Ensuite, elle étudie les rapports entre monarchie et socialisme, apportant de précieux renseignements en matière dʼhistoire des idées politiques, renseignements nécessaires afin de briser le néfaste dualisme gauche / droite, qui dʼailleurs est de moins en moins opérant, pour ne pas dire moribond.
Enfin, LʼEnquête revêt une dimension purement heuristique : cʼest aussi une leçon dʼépistémologie de sociologie historique, qui souligne que la famille est cruciale comme instance de détermination du changement social et politique, proposant une alternative au débat qui oppose les tenants de lʼhistoire-faite-par-les-grands-hommes contre ceux de lʼhistoire-faite-par-les-masses.
Cette étude vise à permettre au lecteur royaliste pressé de revenir aux fondamentaux de la pensée de Charles Maurras, de revenir sur les arguments cardinaux que ce dernier a développés pour justifier sa conversion profane au régime dʼavant 1789, sa rupture avec la Révolution et sa « religion républicaine » dont parlait le journaliste dreyfusard Joseph Reinach, sa sortie dʼune « matrice » qui illusionne 120 ans plus tard toujours autant de monde.
Les Capétiens, ou lʼillustre Maison de France
Soyons honnêtes : à lʼorigine la naissance monarchie française est une affaire de grand remplacement. De grand remplacement non par la masse, par la base, mais par le haut. Aux élites politiques résultées dʼune hybridation entre lʼenvahisseur romain et lʼautochtone gaulois se sont substituées une race conquérante venue des Bouches-du-Rhin. En France, référence mondiale de la gastronomie aussi bien que de lʼart de lʼéloquence, tout est histoire de bouches. Plus tôt, le christianisme sʼétait introduit à partir dʼautres bouches, celles du Rhône.
Les Francs, via Clovis, adoptèrent la religion nouvelle, et purent faire souche au sein de ce pays dont on dit parfois quʼil est au Nouveau Testament ce que la Judée fut à lʼAncien. Ce qui expliquerait pourquoi nous sommes une nation dʼécrivains.
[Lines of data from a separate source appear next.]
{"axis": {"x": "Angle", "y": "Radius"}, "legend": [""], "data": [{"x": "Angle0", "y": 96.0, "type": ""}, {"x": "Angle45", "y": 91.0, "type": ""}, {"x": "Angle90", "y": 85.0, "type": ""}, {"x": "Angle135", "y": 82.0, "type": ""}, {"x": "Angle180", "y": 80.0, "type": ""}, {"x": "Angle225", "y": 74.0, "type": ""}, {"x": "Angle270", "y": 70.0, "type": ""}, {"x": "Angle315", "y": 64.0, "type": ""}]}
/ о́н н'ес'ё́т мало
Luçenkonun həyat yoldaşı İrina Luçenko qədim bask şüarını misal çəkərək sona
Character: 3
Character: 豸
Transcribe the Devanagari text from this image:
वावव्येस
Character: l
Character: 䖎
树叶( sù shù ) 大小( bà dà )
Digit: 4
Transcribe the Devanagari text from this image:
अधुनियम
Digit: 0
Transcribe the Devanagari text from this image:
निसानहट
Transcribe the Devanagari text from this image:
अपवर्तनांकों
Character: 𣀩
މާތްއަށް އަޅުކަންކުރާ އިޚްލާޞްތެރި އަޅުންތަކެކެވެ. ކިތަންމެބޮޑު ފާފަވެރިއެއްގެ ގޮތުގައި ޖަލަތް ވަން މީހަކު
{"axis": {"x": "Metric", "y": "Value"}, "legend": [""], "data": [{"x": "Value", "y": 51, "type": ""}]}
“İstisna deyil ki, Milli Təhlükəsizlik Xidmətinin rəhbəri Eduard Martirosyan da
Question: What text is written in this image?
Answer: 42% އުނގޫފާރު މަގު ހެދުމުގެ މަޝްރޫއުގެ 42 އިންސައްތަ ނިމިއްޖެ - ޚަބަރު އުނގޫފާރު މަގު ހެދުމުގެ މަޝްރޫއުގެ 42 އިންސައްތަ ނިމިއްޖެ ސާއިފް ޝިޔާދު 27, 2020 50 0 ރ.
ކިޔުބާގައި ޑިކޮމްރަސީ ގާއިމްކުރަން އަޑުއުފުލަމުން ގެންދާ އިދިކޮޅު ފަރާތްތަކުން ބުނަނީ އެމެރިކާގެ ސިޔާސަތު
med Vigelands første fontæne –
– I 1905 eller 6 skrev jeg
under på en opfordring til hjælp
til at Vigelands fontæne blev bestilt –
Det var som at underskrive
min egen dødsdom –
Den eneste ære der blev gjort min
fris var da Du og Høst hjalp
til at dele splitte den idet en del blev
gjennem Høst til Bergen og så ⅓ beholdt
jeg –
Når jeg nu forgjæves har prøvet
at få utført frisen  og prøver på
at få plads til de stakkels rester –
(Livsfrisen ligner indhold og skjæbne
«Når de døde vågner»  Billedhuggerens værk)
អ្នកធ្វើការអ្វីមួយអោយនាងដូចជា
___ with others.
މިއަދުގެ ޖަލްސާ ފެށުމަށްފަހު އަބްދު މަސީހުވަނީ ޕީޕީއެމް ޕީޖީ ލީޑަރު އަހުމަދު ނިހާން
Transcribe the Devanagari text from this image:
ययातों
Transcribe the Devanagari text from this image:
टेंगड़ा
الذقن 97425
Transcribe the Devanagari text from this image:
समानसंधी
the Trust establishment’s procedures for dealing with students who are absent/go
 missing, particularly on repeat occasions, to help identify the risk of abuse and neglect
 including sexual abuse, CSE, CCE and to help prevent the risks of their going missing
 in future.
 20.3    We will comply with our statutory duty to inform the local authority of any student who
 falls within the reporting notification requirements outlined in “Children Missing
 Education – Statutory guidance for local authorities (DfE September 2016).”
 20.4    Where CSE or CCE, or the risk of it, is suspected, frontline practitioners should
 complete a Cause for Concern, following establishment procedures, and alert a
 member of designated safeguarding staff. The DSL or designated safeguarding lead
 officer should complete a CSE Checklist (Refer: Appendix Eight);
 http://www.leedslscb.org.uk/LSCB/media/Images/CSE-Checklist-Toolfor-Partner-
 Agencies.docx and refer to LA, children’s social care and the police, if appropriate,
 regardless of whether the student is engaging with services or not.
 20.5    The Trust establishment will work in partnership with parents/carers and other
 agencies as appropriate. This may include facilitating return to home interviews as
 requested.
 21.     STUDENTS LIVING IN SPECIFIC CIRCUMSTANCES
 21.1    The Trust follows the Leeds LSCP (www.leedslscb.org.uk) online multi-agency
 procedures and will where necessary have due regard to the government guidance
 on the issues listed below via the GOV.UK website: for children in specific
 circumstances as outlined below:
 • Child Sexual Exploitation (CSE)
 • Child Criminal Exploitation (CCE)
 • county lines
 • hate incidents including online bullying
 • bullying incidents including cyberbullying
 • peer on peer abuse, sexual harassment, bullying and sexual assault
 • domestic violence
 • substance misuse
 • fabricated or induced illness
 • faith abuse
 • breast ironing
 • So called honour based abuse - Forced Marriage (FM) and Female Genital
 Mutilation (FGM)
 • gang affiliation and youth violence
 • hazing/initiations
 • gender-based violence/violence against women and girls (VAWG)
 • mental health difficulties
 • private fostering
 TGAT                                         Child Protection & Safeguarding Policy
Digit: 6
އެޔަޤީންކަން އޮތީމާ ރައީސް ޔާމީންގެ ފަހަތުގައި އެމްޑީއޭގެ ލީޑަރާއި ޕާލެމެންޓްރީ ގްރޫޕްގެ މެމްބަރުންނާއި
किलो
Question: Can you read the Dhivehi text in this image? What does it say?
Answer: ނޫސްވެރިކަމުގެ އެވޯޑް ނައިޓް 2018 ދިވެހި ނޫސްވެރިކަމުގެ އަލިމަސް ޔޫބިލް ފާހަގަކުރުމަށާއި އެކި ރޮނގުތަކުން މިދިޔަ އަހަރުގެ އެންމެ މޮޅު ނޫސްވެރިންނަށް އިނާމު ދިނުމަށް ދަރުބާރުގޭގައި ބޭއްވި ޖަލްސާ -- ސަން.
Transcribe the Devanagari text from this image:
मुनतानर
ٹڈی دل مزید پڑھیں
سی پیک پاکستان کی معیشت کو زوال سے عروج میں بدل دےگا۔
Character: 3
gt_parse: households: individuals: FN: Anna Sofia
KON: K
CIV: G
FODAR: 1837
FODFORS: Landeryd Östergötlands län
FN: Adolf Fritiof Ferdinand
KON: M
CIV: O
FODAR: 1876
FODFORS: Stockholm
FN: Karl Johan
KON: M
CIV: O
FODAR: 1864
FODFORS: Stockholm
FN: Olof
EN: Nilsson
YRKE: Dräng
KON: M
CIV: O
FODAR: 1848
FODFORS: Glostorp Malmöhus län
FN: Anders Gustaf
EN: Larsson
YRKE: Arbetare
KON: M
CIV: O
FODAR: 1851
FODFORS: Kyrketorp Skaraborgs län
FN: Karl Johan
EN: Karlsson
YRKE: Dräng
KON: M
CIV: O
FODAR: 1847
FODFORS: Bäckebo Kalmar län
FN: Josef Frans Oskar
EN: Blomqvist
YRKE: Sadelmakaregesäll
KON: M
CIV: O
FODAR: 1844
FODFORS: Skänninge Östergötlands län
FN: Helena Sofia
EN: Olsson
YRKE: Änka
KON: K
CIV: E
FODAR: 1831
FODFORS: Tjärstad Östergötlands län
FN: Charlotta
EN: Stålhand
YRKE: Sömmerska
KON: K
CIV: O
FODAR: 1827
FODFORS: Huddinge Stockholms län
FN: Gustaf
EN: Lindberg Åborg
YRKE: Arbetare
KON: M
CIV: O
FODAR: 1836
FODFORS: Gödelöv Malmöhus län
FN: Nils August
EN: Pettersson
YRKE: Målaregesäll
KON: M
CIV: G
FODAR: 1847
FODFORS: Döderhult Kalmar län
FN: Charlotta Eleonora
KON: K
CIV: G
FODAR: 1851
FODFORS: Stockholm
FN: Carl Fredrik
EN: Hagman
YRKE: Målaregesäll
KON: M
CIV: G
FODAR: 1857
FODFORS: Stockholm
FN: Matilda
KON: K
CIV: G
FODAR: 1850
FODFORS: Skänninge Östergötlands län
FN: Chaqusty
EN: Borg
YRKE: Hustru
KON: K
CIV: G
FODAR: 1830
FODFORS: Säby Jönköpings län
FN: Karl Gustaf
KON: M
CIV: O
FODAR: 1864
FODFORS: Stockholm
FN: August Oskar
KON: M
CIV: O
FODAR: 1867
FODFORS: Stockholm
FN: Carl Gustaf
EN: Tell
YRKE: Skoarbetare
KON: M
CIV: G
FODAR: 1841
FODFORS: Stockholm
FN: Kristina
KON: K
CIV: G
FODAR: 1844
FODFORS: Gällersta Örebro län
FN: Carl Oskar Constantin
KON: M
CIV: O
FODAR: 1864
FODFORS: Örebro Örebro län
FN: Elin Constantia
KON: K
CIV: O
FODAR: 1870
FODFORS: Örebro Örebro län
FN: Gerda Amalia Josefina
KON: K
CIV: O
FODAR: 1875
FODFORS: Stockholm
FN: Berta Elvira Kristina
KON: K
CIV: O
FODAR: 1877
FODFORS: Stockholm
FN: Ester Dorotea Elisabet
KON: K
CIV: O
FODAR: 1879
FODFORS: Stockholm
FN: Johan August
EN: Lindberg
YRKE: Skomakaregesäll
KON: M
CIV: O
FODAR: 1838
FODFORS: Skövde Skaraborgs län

Dont Charles Maurras : qui, au lieu de traiter de lʼensemble des familles royales franques, insiste sur la monarchie capétienne. Ainsi note-t-il : « Parce que les Caroligiens nʼassuraient pas la sûreté du territoire et des populations contre Bulgares et Normands, ils cédèrent la place à nos Capétiens. Parce que les Capétiens protégeaient efficacement, lʼonction du sacre est logiquement venue sur leur front. »1 Une lutte interne opposait ces élites franques, ce qui nʼest pas sans rappeler la théorie de Vilfredo Pareto, à laquelle se confronte la vision pré-marxienne du comte Henri de Boulainvilliers et dʼAugustin Thierry, qui pose que le conflit central résidait entre Francs et Gaulois.
Cʼest au fond peut-être par une double dialectique (élites établies / élites de remplacement et gouvernants / gouvernés) que ce « grand dessein territorial et national »2 quʼest la France est né. Et Maurras de convoquer son grand ami, si ce nʼest son grand frère, ou même son mentor, Frédéric Amouretti, avec qui il partageait, dit-il, cet avis :
« Citoyens, on vous a raconté que nos rois étaient des monstres : il y eut parmi eux, c’est vrai, des hommes faibles, peu intelligents, plusieurs médiocres, débauchés, et peut-être deux ou trois méchants. Il y en eut qui fussent des hommes remarquables, la plupart furent des hommes d’intelligence moyenne et consciencieux. Regardez leur œuvre : c’est la France. »3
Une telle approche conséquentialiste amène à sʼinterroger sur les raisons de la réussite évoquée, de la grandʼœuvre accomplie. Cela est son corollaire.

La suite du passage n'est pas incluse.